- _WORK TASK_
From the line containing "This shot is 3.5 s past image 1." onward, every line of the entries is to be set down exactly, the last line included.

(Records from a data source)
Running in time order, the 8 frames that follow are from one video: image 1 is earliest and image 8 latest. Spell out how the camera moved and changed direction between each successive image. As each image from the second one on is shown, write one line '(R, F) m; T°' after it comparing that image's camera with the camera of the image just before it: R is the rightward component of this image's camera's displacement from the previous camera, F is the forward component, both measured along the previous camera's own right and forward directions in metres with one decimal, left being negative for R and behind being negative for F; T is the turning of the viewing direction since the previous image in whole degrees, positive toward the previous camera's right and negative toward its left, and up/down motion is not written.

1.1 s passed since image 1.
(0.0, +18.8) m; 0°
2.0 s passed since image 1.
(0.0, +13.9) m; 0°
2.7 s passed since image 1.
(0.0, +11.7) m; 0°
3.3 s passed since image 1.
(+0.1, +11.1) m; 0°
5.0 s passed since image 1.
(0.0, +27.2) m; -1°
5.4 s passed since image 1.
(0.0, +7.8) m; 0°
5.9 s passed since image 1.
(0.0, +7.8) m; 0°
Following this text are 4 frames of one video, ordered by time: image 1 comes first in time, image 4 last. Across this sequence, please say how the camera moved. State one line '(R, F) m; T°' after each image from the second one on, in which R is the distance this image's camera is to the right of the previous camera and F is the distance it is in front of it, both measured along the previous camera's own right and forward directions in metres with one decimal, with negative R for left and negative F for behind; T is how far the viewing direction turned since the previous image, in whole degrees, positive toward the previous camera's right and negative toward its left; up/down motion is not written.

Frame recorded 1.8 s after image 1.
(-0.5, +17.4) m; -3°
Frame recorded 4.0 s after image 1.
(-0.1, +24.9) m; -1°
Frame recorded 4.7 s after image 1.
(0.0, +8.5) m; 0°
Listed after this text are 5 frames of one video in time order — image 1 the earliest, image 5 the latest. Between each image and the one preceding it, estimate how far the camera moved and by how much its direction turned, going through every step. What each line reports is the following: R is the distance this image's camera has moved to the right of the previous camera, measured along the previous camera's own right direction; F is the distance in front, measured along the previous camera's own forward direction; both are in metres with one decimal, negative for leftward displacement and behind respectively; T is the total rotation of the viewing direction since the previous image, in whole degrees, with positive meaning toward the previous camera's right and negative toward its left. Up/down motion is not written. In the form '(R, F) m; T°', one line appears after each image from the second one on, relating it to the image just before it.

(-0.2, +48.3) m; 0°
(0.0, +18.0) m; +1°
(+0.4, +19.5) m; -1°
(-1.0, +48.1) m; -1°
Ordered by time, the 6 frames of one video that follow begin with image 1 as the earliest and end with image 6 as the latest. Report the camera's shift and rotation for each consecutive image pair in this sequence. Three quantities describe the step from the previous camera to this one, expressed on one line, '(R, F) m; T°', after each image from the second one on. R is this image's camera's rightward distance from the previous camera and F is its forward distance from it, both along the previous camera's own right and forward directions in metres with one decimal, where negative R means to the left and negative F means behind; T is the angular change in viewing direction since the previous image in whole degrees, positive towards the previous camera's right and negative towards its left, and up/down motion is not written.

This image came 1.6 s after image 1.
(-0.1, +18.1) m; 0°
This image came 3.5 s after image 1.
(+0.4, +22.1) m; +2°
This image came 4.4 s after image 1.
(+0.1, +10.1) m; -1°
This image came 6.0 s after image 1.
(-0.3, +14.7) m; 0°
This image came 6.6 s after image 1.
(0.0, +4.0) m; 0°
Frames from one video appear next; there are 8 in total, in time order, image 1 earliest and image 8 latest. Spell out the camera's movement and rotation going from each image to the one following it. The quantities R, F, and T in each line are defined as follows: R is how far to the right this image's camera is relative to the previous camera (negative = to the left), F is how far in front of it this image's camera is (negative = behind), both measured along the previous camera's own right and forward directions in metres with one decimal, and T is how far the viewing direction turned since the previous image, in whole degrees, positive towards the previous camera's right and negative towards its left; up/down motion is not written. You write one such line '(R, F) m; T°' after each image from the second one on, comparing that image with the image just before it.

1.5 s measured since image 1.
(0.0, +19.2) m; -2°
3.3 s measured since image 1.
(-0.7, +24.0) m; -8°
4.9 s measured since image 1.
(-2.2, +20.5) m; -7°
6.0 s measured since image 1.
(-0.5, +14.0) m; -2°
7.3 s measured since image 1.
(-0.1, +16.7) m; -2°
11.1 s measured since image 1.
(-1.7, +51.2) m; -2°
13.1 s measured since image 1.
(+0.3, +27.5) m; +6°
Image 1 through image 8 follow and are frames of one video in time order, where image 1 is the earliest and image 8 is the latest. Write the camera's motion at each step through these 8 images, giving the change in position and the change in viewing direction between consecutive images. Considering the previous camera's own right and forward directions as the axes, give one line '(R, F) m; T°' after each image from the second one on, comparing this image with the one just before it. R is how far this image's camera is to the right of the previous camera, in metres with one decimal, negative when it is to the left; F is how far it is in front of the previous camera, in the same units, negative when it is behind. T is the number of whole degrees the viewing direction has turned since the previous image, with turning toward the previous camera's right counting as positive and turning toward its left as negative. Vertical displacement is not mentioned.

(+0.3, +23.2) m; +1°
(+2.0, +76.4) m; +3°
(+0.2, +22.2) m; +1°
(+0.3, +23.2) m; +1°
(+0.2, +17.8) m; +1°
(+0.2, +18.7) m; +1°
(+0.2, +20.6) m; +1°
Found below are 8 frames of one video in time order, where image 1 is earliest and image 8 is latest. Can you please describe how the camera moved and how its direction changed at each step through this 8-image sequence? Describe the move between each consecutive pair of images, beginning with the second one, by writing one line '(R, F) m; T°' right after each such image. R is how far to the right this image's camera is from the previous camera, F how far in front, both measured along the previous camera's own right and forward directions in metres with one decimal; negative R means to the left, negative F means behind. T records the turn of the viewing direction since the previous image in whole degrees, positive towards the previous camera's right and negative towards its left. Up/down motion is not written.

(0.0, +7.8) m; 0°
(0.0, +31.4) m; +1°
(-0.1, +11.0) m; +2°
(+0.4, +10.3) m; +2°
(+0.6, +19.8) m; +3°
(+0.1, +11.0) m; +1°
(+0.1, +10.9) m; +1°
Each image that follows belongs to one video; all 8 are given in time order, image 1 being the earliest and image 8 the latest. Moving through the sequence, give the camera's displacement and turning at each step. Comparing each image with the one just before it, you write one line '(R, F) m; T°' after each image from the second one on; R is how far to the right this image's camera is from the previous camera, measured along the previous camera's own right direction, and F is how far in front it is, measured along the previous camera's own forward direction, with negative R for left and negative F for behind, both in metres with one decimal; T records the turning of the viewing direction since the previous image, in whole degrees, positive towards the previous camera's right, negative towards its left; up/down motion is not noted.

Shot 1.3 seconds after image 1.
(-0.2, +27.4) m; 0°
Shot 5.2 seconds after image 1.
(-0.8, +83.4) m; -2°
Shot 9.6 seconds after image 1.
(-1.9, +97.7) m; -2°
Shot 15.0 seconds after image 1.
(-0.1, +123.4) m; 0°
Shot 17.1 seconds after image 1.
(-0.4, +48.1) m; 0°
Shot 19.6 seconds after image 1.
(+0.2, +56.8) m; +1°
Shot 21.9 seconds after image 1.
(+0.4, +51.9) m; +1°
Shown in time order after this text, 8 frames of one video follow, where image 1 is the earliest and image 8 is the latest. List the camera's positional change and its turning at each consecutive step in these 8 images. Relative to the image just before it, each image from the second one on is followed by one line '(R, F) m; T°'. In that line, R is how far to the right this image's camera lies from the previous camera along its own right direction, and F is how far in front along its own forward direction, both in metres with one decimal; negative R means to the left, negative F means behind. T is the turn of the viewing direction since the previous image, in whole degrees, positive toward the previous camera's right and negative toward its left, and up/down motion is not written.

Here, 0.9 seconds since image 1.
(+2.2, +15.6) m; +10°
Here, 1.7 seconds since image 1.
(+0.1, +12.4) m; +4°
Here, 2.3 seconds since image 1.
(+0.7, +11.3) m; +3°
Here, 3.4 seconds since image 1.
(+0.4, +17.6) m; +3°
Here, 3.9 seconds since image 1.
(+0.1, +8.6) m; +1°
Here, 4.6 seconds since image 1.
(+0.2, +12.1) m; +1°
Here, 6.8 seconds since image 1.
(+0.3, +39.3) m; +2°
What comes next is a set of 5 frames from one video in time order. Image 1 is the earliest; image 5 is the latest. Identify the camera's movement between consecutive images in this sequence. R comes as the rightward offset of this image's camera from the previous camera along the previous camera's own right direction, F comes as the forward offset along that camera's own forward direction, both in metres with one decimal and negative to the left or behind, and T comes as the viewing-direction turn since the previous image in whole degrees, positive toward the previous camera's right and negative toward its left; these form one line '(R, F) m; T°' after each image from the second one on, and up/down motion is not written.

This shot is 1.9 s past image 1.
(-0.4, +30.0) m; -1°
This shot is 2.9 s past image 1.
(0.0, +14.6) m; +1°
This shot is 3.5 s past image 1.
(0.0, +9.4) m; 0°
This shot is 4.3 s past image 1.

- _WRITTEN RESPONSE_
This shot is 3.5 s past image 1.
(0.0, +9.4) m; 0°
This shot is 4.3 s past image 1.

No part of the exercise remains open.